Portanto, se alguém (que Deus não o permita!) deliberadamente entende de pensar diversamente de quanto por Nós foi definido, conheça e saiba que está condenado pelo seu próprio juízo, que naufragou na fé, que se separou da unidade da Igreja, e que, além disso, incorreu por si, "ipso facto", nas penas estabelecidas pelas leis contra aquele que ousa manifestar oralmente ou por escrito, ou de qualquer outro modo externo, os erros que pensa no seu coração. (Bula "Ineffabilis Deus", de 8-XII-1854).

Arma poderosa para destruir as heresias modernas

B. PIO X: Ora, creiam os povos e professem que a Virgem Maria foi preservada de toda mancha de pecado desde o primeiro instante de sua conceição: desde logo torna-se-lhes mister admitir o pecado original, a redenção da humanidade por Jesus Cristo, o Evangelho e a Igreja, enfim, a lei do sofrimento. Em virtude disto, todo racionalismo e materialismo que campeia pelo mundo é arrancado e destruído em suas raízes, cabendo à sabedoria cristã a glória de ter guardado e defendido a verdade. Além disso, é vezo perverso, e comum a todos os inimigos da fé, sobretudo em nossa época, repudiar e proclamar que se deve repudiar todo respeito e toda obediência à autoridade da Igreja, e mesmo de todo poder humano, na crença de que em consequência lhes será mais fácil banir a fé dos corações. Aqui está a origem do anarquismo, a mais nociva e perniciosa doutrina que possa existir, tanto na ordem natural quanto na sobrenatural. Ora, tal peste, fatal tanto à sociedade como ao nome cristão, é ferida de morte pelo dogma da Imaculada Conceição de Maria, pela obrigação que este dogma impõe de atribuir à Igreja um poder em face do qual tem que se curvar não só a vontade, mas também a inteligência. Pois é em virtude de tal submissão que o povo cristão canta este louvor da Virgem: "Toda sois formosa, ó Maria, e não há em vós a mancha original" (Grad. da Missa da festa da Imac. Conc.). Daí se justifica uma vez mais o que a Igreja afirma da Virgem, dizendo que "só Ela exterminou todas as heresias do mundo inteiro". (Encíclica "Ad Diem Illum", de 2-11-1904).

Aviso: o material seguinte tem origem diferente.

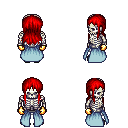
a pixel art fantasy rpg character, male body template, skeleton, overskirt, white pants, red unkempt hairstyle, gold gloves, gray slippers, four views (front, back, left, right), 2x2 character sprite sheet, small pixel art, hard edges, no anti-aliasing

A dignidade de Maria é de algum modo infinita

PIO XI: Deste dogma da Maternidade Divina, como da nascente de uma torrente misteriosa, advêm a Maria uma graça singular e a sua dignidade, que é a maior depois de Deus. Na verdade, como escreve egregiamente São Tomaz de Aquino: "A Bem-aventurada Virgem, por ser Mãe de Deus, do bem infinito que é Deus, recebe uma dignidade de algum modo infinita" (Summa Th. I, q. 25, a. 6, ad 4um). É o que mais largamente expõe Cornélio a Lapide, declarando-o nestas palavras: "A Bem-aventurada Virgem é Mãe de Deus; Ela é, pois, muito mais excelsa que todos os anjos, mesmo serafins e querubins. É Mãe de Deus; por isso é tão pura e tão santa que não se pode conceber pureza maior, depois da pureza divina. É Mãe de Deus; por isso, seja qual for o privilégio concedido a qualquer santo (na ordem da graça santificante), também Ela o possui e acima de todos". (Encíclica "Lux Veritatis", de 25-XII-1931).

O culto mariano é vantajoso à vida pública e privada

LEÃO XIII: Quem quer que considere o grau sublime de dignidade e glória a que Deus elevou a augustíssima Virgem Maria, facilmente pode compreender que vantagem traz à vida pública e privada o contínuo desenvolvimento e a sempre mais ardente difusão do seu culto. De fato, Deus escolheu-A desde a eternidade para vir ser Mãe do Verbo que se encarnaria; e, por este motivo, entre todas as criaturas mais belas na ordem da natureza, da graça e da glória, Ele a distinguiu com privilégios tais, que a Igreja com razão lhe aplica aquelas palavras: "Saí da boca do Altíssimo, primogênita antes de toda criatura" (Ecli. 24, 5). Quando, pois, se iniciou o curso dos séculos, aos progenitores do gênero humano, caídos na culpa, e aos seus descendentes, contaminados pela mesma mancha, Ela foi dada como penhor da futura reconciliação e da salvação. (Encíclica "Augustissimae Virginis", de 12-IX-1897).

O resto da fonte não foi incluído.